(Postgame videos can be viewed below the story)
His role is to provide a spark off the bench, bring his teammates renewed energy, play solid defense and chip in a field goal or two.
On Saturday, back-up junior point guard Jamal Fenton did all that — after a pretty good tail-chewing by his coach — and turned the game around as well.
Fenton, a 5-foot-9 package of spunk and quickness, made a number of crucial plays to help New Mexico to a 71-54 Mountain West Conference men’s basketball victory against TCU in the Pit.
“Jamal’s a leader for us, and I thought he was a little sluggish in the first half, and he got chewed (out) pretty good,” Alford said of getting on his back-up point guard. “In the second half Jamal did the things we need for him to do. He got our tempo going again. We got a little stagnant offensively, and he got us going pretty good.”
As did starting sophomore guards Tony Snell (18 points, four assists) and Kendall Williams (14 points, five assists).
The win pulled the Lobos (17-4, 3-2) within a game of the MWC lead and kept them tied for third place after Colorado State (14-6, 3-2) surprised 13th-ranked San Diego State 77-60 earlier in the day in Fort Collins, Colo. UNM manhandled CSU 85-52 on Wednesday in the Pit.
UNLV (20-3, 4-1), ranked 12th in the nation, is alone in second place after an overtime victory at Air Force (11-8, 1-4) on Saturday evening. UNM is tied with Colorado State and Wyoming (17-4, 3-2).

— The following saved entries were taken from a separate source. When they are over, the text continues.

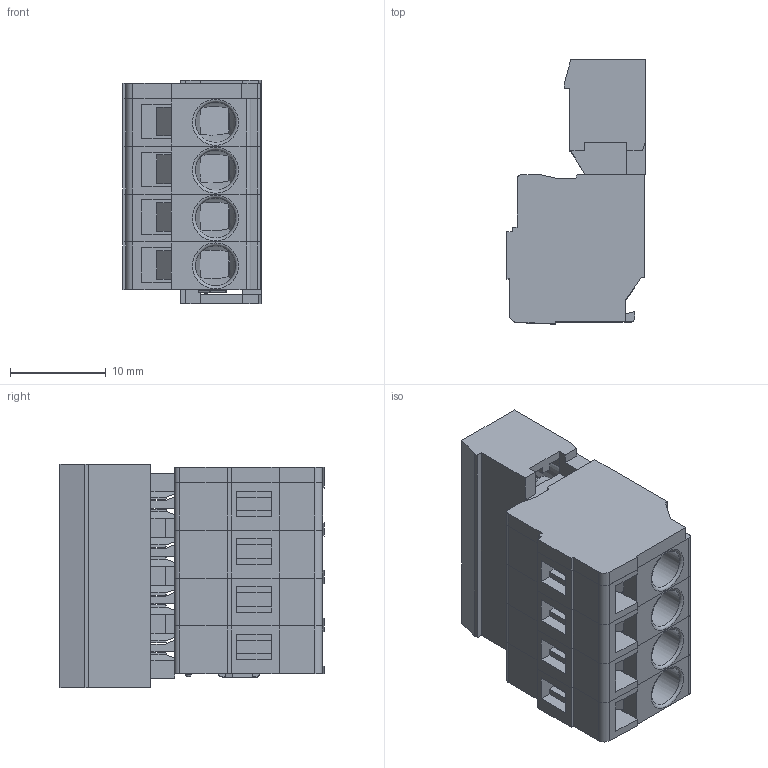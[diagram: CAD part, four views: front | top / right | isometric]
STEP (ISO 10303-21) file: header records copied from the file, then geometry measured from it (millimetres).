
FILE_DESCRIPTION( ( 'STEP AP214' ), '1' );
FILE_NAME( 'MZ700-50004EA-20230407.stp', '2023-04-07T06:47:09', ( ' ' ), ( ' ' ), 'XStep 1.0', ' ', ' ' );
FILE_SCHEMA( ( 'CONFIG_CONTROL_DESIGN) ( )' ) );
Length unit declared in the file: metre
Products named in the file (1): 1
Bounding box: 14.5 x 27.6 x 23.4 mm (x, y, z)
Volume: 4885.9 mm3; surface area: 5940.9 mm2
Topology: 1 solids, 1 shells, 622 faces, 1744 edges, 1127 vertices
Faces by surface type: plane 524, cylinder 58, cone 20, torus 16, sphere 3, bspline 1
Full cylindrical faces by diameter (mm): 0.6 x1, 1.36 x7, 2.76 x4, 4.2 x4
Entity records: 24779 total; most frequent: CARTESIAN_POINT 3895, ORIENTED_EDGE 3402, DIRECTION 3082, EDGE_CURVE 1701, LINE 1454, VECTOR 1454, VERTEX_POINT 1119, AXIS2_PLACEMENT_3D 814
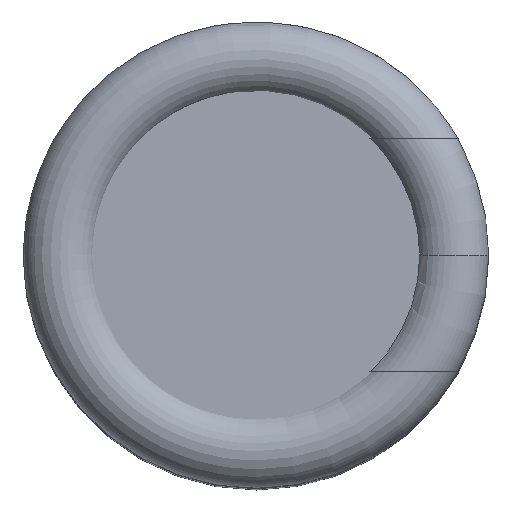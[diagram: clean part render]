
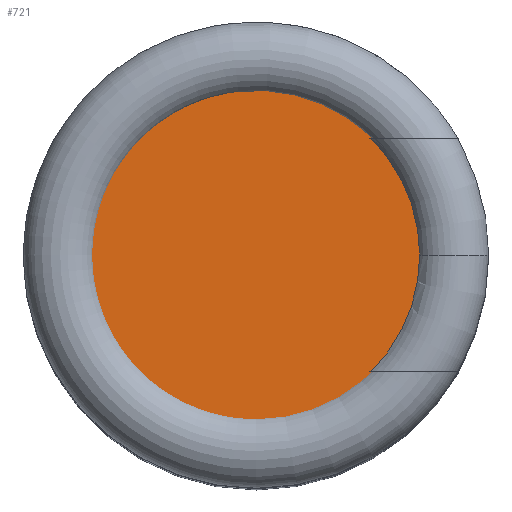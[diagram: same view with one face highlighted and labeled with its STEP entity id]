
A CAD part, top view. The second image highlights one B-rep face of the part: STEP entity #721.
In plain terms, the highlighted planar face has unit normal (0, 0, 1).
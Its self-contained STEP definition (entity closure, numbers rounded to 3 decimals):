
#692 = EDGE_CURVE('',#693,#693,#695,.T.);
#693 = VERTEX_POINT('',#694);
#694 = CARTESIAN_POINT('',(2.65,0.,14.75));
#695 = CIRCLE('',#696,2.65);
#696 = AXIS2_PLACEMENT_3D('',#697,#698,#699);
#697 = CARTESIAN_POINT('',(0.,0.,14.75));
#698 = DIRECTION('',(0.,0.,1.));
#699 = DIRECTION('',(1.,0.,0.));
#721 = ADVANCED_FACE('',(#722),#725,.T.);
#722 = FACE_BOUND('',#723,.T.);
#723 = EDGE_LOOP('',(#724));
#724 = ORIENTED_EDGE('',*,*,#692,.T.);
#725 = PLANE('',#726);
#726 = AXIS2_PLACEMENT_3D('',#727,#728,#729);
#727 = CARTESIAN_POINT('',(0.,0.,14.75));
#728 = DIRECTION('',(0.,0.,1.));
#729 = DIRECTION('',(1.,0.,0.));
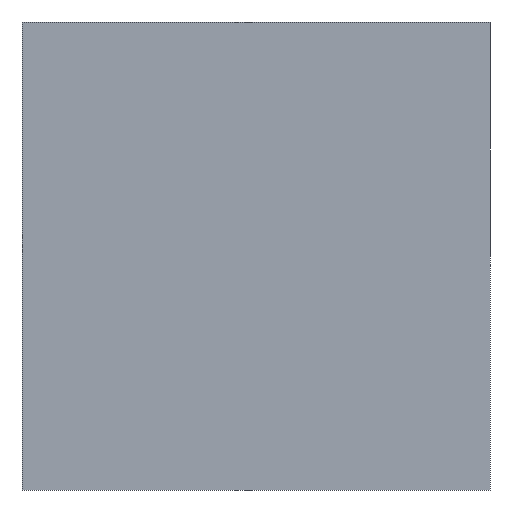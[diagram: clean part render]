
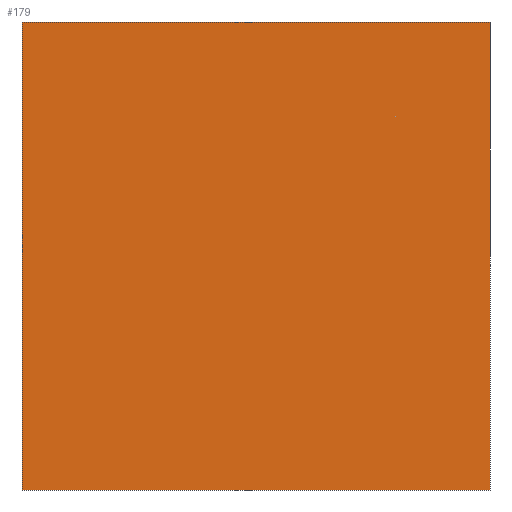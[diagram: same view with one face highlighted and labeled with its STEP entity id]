
A CAD part, front view. The second image highlights one B-rep face of the part: STEP entity #179.
In plain terms, the highlighted planar face has unit normal (0, -1, 0).
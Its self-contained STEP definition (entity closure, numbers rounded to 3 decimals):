
#47 = EDGE_CURVE('',#48,#50,#52,.T.);
#48 = VERTEX_POINT('',#49);
#49 = CARTESIAN_POINT('',(-8.,0.,8.));
#50 = VERTEX_POINT('',#51);
#51 = CARTESIAN_POINT('',(8.,0.,8.));
#52 = LINE('',#53,#54);
#53 = CARTESIAN_POINT('',(0.,0.,8.));
#54 = VECTOR('',#55,1.);
#55 = DIRECTION('',(1.,-0.,0.));
#87 = EDGE_CURVE('',#50,#88,#90,.T.);
#88 = VERTEX_POINT('',#89);
#89 = CARTESIAN_POINT('',(8.,0.,-8.));
#90 = LINE('',#91,#92);
#91 = CARTESIAN_POINT('',(8.,0.,0.));
#92 = VECTOR('',#93,1.);
#93 = DIRECTION('',(0.,0.,-1.));
#118 = EDGE_CURVE('',#119,#88,#121,.T.);
#119 = VERTEX_POINT('',#120);
#120 = CARTESIAN_POINT('',(-8.,0.,-8.));
#121 = LINE('',#122,#123);
#122 = CARTESIAN_POINT('',(0.,0.,-8.));
#123 = VECTOR('',#124,1.);
#124 = DIRECTION('',(1.,0.,0.));
#149 = EDGE_CURVE('',#48,#119,#150,.T.);
#150 = LINE('',#151,#152);
#151 = CARTESIAN_POINT('',(-8.,0.,-0.));
#152 = VECTOR('',#153,1.);
#153 = DIRECTION('',(0.,0.,-1.));
#179 = ADVANCED_FACE('',(#180),#186,.F.);
#180 = FACE_BOUND('',#181,.T.);
#181 = EDGE_LOOP('',(#182,#183,#184,#185));
#182 = ORIENTED_EDGE('',*,*,#47,.F.);
#183 = ORIENTED_EDGE('',*,*,#149,.T.);
#184 = ORIENTED_EDGE('',*,*,#118,.T.);
#185 = ORIENTED_EDGE('',*,*,#87,.F.);
#186 = PLANE('',#187);
#187 = AXIS2_PLACEMENT_3D('',#188,#189,#190);
#188 = CARTESIAN_POINT('',(0.,0.,0.));
#189 = DIRECTION('',(0.,1.,-0.));
#190 = DIRECTION('',(0.,0.,1.));

The Lobos struggled with the Horned Frogs (12-8, 2-3) much of the first half and led just 29-26 with two minutes left in the period. But Fenton then made a great play by drawing a charge against TCU star point guard Hank Thorns on a 3-on-2 Frog fast break, denying TCU a hoop that would have cut the margin to one.
“I just had to do an energy play for the team,” Fenton said. “Coach always tells me ‘don’t leave your feet,’ and I saw Thorns leave his feet. So I kind of slid under him, and gave him a little acting job and they gave me the charge. I though it was a block, to be honest.”
The Lobos turned the turnover into points on a jumper by Phillip McDonald, then Fenton came up with a loose ball moments later and raced to the other end of the floor with just seconds left. He drove and had his shot blocked, but McDonald grabbed the rebound and hit a fade-away jumper at the halftime horn to make it 33-26.
“I knew that if Jamal got blocked, I had to get there somehow,” said McDonald, who had nine points off the bench. “The guy who was trailing Jamal (TCU’s Nate Butler) was pretty tall and athletic, and I recognized that. He blocked the shot, and I got the shot.”
After TCU trimmed the count to 33-28 early in the second half and had two possessions to make it closer, the Lobos showed their explosiveness with a 12-0 run that spanned just 2½ minutes. But back came the Frogs once again, and after hitting four 3-pointers and getting a free throw and dunk from J.R. Cadot, TCU had cut a 45-28 deficit to 51-45 with nine minutes remaining.
Fenton, who had already scored the Lobos’ last two field goals on great drives, then drilled a fade-away 3-pointer to ignite a 10-2 run and get his team back on track.
The Frogs never made another serious run.
“I think this says a lot about our toughness,” said Williams, who had just one turnover and guarded Thorns most of the game. Thorns had eight points and six assists but five turnovers.
“Coach Alford has been stressing this 13-day (period) of toughness and getting back to being tough. And whatever that means, whatever it leads to, we do need to be a tougher bunch; either mentally or physically, because we have the chemistry and talent to do it. This past week exemplified that. Now we have to hit the road and finish off the days we have left.”
The Lobos visit Air Force on Tuesday and Boise State on Saturday, completing a two-week stretch that Alford said was key after UNM lost back-to-back games to San Diego State and UNLV.